▶ What needs to be done: From the listing below, extract every line containing "power".

▶ Task data:
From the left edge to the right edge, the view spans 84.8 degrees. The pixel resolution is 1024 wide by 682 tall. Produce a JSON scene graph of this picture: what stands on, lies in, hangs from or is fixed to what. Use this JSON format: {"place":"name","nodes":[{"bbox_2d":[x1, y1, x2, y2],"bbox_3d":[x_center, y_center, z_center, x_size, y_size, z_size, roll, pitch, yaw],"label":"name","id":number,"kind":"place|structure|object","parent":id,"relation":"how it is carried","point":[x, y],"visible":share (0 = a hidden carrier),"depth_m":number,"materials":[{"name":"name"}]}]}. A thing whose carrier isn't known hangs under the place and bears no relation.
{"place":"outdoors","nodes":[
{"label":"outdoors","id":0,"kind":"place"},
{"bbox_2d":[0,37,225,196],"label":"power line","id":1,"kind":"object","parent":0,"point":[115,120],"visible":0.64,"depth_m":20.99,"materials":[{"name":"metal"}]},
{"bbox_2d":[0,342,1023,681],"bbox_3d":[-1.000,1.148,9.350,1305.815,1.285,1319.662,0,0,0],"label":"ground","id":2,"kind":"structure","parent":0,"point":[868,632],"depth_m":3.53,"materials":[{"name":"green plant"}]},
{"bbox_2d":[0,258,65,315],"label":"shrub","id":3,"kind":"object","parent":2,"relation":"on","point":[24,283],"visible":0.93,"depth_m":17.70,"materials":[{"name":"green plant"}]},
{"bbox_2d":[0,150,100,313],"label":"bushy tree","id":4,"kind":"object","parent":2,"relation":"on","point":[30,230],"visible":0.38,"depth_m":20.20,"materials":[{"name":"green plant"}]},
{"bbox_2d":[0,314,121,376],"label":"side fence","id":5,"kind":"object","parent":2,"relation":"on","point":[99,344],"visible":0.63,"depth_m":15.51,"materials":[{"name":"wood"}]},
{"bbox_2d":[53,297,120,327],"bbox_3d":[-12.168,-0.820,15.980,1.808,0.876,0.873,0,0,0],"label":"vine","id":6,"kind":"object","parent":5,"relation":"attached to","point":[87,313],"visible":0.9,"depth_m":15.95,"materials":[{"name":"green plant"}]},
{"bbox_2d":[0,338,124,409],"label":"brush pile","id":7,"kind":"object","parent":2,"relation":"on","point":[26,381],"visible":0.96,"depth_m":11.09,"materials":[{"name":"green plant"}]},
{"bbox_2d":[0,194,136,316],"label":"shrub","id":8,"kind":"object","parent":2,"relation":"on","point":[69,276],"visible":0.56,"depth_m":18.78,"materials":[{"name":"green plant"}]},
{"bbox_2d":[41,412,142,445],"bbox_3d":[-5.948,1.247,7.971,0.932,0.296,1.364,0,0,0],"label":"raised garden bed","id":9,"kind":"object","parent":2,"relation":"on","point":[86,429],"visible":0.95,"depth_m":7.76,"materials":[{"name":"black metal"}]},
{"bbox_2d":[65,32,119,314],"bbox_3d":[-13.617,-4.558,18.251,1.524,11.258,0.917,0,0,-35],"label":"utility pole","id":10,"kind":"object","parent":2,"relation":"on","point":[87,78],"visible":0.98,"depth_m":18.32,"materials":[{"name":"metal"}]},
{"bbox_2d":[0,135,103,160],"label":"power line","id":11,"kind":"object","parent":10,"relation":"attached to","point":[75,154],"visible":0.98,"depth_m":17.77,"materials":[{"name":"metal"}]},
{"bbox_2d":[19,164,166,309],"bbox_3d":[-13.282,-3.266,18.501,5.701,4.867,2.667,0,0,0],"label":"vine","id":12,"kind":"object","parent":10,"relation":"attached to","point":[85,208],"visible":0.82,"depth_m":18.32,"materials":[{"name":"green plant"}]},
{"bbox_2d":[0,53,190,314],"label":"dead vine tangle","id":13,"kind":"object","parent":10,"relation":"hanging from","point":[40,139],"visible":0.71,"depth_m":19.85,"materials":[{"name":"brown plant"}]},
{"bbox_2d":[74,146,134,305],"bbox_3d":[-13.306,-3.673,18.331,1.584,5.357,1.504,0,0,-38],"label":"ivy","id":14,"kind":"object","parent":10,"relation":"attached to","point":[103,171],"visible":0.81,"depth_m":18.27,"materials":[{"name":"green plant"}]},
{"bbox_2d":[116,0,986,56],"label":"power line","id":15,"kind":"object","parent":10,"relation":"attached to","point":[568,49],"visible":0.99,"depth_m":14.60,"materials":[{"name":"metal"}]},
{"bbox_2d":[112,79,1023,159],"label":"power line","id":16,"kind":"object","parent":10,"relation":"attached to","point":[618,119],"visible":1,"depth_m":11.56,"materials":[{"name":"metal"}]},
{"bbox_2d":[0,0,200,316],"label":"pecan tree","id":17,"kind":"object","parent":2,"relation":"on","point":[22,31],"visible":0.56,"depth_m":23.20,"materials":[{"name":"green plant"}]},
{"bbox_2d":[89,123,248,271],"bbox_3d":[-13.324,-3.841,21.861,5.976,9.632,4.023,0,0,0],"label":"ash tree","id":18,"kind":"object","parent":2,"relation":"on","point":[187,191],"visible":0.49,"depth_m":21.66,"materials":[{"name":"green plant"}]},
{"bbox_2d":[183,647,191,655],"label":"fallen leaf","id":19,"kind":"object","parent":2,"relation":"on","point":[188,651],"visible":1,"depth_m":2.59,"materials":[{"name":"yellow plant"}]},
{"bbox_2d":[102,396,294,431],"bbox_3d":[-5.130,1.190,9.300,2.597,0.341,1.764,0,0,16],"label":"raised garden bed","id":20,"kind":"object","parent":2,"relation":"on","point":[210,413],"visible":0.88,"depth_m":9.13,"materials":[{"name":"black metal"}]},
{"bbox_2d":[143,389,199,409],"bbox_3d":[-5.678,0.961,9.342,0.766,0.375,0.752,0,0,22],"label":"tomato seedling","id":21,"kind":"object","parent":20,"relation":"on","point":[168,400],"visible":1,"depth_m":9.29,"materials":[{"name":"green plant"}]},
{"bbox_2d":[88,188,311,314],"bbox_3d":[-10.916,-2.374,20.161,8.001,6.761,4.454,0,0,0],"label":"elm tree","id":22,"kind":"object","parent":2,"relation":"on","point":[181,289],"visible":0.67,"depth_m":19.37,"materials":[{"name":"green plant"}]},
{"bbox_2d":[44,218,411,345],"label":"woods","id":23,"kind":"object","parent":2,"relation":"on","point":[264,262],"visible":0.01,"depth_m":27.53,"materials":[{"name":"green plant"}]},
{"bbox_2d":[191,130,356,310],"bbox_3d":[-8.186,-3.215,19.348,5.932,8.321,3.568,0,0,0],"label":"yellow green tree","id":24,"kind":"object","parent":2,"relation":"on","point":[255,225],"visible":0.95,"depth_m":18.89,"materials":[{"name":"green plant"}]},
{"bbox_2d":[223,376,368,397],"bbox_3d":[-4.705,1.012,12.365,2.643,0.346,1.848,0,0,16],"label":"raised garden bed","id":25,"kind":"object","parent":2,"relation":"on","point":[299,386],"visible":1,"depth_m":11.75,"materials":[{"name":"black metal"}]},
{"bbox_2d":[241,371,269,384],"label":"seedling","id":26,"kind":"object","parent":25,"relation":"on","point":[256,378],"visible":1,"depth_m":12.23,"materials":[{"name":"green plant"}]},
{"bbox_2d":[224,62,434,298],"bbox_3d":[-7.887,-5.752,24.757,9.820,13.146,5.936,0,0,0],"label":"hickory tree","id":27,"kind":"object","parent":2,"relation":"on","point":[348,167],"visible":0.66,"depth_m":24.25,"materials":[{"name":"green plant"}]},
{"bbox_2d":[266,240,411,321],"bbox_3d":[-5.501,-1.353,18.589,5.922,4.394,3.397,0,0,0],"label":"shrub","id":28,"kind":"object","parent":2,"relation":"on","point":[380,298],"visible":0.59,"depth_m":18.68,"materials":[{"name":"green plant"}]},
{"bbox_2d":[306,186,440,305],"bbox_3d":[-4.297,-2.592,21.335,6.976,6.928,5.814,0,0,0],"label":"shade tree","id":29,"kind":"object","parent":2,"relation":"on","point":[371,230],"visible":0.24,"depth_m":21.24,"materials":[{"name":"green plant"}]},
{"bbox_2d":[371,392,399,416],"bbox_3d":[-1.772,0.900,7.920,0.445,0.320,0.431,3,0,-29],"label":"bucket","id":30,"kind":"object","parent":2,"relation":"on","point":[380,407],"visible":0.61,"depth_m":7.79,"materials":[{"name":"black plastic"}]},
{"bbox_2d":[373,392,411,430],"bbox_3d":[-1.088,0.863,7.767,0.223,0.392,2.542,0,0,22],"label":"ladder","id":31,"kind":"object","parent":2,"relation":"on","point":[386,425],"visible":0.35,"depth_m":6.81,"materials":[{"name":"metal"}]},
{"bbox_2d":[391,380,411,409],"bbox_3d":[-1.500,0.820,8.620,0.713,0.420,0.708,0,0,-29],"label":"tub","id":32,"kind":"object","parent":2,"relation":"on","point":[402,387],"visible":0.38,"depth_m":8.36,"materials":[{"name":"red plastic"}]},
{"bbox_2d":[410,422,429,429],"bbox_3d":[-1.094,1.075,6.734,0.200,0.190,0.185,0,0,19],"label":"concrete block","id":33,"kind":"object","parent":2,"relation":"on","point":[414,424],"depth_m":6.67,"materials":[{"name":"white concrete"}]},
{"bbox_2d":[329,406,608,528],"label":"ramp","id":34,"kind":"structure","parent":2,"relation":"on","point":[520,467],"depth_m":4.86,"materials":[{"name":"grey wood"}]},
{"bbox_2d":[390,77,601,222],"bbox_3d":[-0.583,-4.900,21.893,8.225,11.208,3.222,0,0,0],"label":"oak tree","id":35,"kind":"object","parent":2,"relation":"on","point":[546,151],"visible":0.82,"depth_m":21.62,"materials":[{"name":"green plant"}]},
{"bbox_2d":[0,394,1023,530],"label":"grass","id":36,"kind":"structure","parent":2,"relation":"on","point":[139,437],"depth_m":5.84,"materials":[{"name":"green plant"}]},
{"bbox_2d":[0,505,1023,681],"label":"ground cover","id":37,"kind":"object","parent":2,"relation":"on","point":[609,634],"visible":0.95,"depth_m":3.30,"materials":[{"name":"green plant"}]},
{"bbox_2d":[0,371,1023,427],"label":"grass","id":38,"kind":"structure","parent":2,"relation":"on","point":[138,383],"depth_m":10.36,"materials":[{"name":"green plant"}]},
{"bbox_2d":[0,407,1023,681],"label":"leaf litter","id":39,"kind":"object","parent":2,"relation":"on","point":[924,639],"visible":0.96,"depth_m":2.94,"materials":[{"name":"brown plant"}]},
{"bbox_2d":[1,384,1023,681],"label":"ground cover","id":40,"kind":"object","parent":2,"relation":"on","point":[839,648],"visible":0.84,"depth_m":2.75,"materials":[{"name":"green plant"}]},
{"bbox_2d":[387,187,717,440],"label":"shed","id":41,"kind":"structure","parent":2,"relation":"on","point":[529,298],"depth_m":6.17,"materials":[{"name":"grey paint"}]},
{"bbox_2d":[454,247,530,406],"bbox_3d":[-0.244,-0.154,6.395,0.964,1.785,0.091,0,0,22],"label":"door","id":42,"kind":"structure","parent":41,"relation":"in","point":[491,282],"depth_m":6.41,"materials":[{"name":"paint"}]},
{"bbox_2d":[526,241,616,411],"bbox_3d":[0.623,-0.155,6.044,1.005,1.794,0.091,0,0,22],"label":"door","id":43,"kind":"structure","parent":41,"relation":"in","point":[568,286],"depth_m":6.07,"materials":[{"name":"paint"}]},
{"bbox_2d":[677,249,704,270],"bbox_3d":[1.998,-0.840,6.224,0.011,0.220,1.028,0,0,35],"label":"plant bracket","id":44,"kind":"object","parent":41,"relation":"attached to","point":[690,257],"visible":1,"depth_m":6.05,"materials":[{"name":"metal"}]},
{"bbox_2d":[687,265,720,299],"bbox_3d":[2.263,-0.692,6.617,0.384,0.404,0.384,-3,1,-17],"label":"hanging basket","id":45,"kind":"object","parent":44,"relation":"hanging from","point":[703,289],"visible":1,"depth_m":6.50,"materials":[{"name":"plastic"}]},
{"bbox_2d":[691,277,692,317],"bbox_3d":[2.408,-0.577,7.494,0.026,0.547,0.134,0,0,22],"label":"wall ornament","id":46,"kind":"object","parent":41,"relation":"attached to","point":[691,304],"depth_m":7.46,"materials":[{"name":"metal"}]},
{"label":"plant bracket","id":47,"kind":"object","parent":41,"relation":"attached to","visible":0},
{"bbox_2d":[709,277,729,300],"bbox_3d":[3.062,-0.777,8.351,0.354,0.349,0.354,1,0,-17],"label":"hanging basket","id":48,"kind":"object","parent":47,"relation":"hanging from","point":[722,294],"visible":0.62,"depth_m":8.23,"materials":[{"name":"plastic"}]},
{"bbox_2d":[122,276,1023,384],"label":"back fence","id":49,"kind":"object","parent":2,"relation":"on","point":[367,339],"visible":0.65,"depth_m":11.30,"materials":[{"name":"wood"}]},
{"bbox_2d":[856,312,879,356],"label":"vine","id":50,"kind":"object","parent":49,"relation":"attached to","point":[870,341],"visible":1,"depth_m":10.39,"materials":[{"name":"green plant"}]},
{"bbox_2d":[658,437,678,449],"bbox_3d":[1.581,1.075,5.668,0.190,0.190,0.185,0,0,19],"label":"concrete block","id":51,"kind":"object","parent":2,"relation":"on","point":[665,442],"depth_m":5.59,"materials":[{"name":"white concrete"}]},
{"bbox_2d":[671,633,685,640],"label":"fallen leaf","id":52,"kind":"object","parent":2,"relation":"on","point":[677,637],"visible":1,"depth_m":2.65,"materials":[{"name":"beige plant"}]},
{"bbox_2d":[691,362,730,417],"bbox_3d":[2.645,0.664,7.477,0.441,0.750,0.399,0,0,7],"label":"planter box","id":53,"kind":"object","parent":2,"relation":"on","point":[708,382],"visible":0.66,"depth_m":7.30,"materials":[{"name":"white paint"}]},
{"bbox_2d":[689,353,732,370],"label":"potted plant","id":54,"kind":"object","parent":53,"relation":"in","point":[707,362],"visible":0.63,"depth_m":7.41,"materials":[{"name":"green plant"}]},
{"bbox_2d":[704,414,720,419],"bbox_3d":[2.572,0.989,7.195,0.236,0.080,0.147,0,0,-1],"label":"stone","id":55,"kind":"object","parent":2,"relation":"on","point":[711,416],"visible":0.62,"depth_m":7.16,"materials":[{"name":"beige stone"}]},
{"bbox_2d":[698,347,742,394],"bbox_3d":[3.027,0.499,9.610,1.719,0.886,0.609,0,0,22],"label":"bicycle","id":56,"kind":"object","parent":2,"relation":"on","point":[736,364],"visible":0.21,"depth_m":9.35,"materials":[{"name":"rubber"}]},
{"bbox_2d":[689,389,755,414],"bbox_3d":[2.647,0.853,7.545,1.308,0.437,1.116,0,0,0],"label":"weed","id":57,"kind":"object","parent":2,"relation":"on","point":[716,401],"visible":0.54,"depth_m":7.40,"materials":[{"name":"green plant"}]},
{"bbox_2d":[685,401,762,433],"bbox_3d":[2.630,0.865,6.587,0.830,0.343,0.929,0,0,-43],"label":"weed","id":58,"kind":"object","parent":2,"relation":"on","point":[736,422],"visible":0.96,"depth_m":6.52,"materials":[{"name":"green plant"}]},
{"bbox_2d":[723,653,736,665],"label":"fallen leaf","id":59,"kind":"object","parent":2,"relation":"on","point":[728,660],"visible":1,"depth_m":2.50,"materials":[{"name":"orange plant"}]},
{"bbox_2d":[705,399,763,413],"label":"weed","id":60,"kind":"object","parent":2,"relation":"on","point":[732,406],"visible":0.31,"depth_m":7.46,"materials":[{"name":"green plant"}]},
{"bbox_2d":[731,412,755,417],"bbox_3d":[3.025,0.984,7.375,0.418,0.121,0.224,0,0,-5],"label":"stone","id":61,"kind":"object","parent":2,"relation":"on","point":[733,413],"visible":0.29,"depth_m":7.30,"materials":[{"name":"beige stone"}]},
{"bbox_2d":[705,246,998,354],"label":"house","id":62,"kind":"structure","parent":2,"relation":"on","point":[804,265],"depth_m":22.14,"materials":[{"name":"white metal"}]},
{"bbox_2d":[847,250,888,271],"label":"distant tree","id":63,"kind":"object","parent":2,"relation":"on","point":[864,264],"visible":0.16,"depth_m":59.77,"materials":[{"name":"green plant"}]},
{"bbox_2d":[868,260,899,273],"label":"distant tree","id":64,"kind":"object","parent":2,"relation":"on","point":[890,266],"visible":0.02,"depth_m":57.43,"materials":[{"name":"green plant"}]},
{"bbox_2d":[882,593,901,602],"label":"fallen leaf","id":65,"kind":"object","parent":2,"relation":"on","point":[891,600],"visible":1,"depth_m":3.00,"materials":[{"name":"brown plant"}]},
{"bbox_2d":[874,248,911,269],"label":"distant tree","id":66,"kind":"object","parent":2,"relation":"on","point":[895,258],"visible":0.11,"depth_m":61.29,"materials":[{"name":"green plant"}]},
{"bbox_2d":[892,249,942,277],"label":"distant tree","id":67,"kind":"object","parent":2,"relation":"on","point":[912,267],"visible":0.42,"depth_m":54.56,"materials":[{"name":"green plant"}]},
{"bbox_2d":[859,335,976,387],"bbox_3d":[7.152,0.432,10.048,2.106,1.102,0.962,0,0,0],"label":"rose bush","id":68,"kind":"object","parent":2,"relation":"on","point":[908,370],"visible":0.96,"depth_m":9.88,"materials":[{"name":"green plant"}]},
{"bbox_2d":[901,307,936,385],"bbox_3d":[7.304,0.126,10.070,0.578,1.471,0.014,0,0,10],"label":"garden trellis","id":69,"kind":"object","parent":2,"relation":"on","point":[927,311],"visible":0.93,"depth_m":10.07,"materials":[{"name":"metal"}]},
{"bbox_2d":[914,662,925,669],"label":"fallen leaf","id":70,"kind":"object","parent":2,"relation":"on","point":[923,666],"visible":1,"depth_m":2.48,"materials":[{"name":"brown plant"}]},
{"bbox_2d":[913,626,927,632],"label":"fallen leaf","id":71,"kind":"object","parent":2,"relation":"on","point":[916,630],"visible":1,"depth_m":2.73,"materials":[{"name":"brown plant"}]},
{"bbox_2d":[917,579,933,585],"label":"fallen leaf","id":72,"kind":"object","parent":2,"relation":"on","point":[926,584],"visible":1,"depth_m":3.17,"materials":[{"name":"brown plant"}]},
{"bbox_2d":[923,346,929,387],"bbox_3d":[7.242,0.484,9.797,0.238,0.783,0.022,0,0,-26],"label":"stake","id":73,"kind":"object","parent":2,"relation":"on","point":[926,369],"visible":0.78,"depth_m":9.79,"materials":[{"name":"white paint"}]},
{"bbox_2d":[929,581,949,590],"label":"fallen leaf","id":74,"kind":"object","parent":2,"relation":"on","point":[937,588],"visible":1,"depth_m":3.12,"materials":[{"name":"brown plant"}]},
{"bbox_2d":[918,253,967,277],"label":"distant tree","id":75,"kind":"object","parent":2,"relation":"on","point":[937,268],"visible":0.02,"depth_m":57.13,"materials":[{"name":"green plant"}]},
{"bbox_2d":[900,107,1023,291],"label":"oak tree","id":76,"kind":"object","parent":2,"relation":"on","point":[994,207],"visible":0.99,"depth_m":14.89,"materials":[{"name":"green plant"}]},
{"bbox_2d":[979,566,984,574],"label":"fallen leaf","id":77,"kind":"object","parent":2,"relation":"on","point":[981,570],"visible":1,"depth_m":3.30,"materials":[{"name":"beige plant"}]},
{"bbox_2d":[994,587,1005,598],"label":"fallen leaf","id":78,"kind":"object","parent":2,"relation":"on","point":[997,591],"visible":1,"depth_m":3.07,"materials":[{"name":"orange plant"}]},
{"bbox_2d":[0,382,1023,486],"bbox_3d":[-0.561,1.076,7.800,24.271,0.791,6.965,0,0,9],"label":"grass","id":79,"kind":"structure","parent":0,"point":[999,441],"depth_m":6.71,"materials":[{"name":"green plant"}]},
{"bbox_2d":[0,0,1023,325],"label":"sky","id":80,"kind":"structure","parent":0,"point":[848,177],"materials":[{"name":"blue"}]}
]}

▶ Response:
{"bbox_2d":[0,37,225,196],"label":"power line","id":1,"kind":"object","parent":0,"point":[115,120],"visible":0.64,"depth_m":20.99,"materials":[{"name":"metal"}]},
{"bbox_2d":[0,135,103,160],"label":"power line","id":11,"kind":"object","parent":10,"relation":"attached to","point":[75,154],"visible":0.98,"depth_m":17.77,"materials":[{"name":"metal"}]},
{"bbox_2d":[116,0,986,56],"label":"power line","id":15,"kind":"object","parent":10,"relation":"attached to","point":[568,49],"visible":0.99,"depth_m":14.60,"materials":[{"name":"metal"}]},
{"bbox_2d":[112,79,1023,159],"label":"power line","id":16,"kind":"object","parent":10,"relation":"attached to","point":[618,119],"visible":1,"depth_m":11.56,"materials":[{"name":"metal"}]},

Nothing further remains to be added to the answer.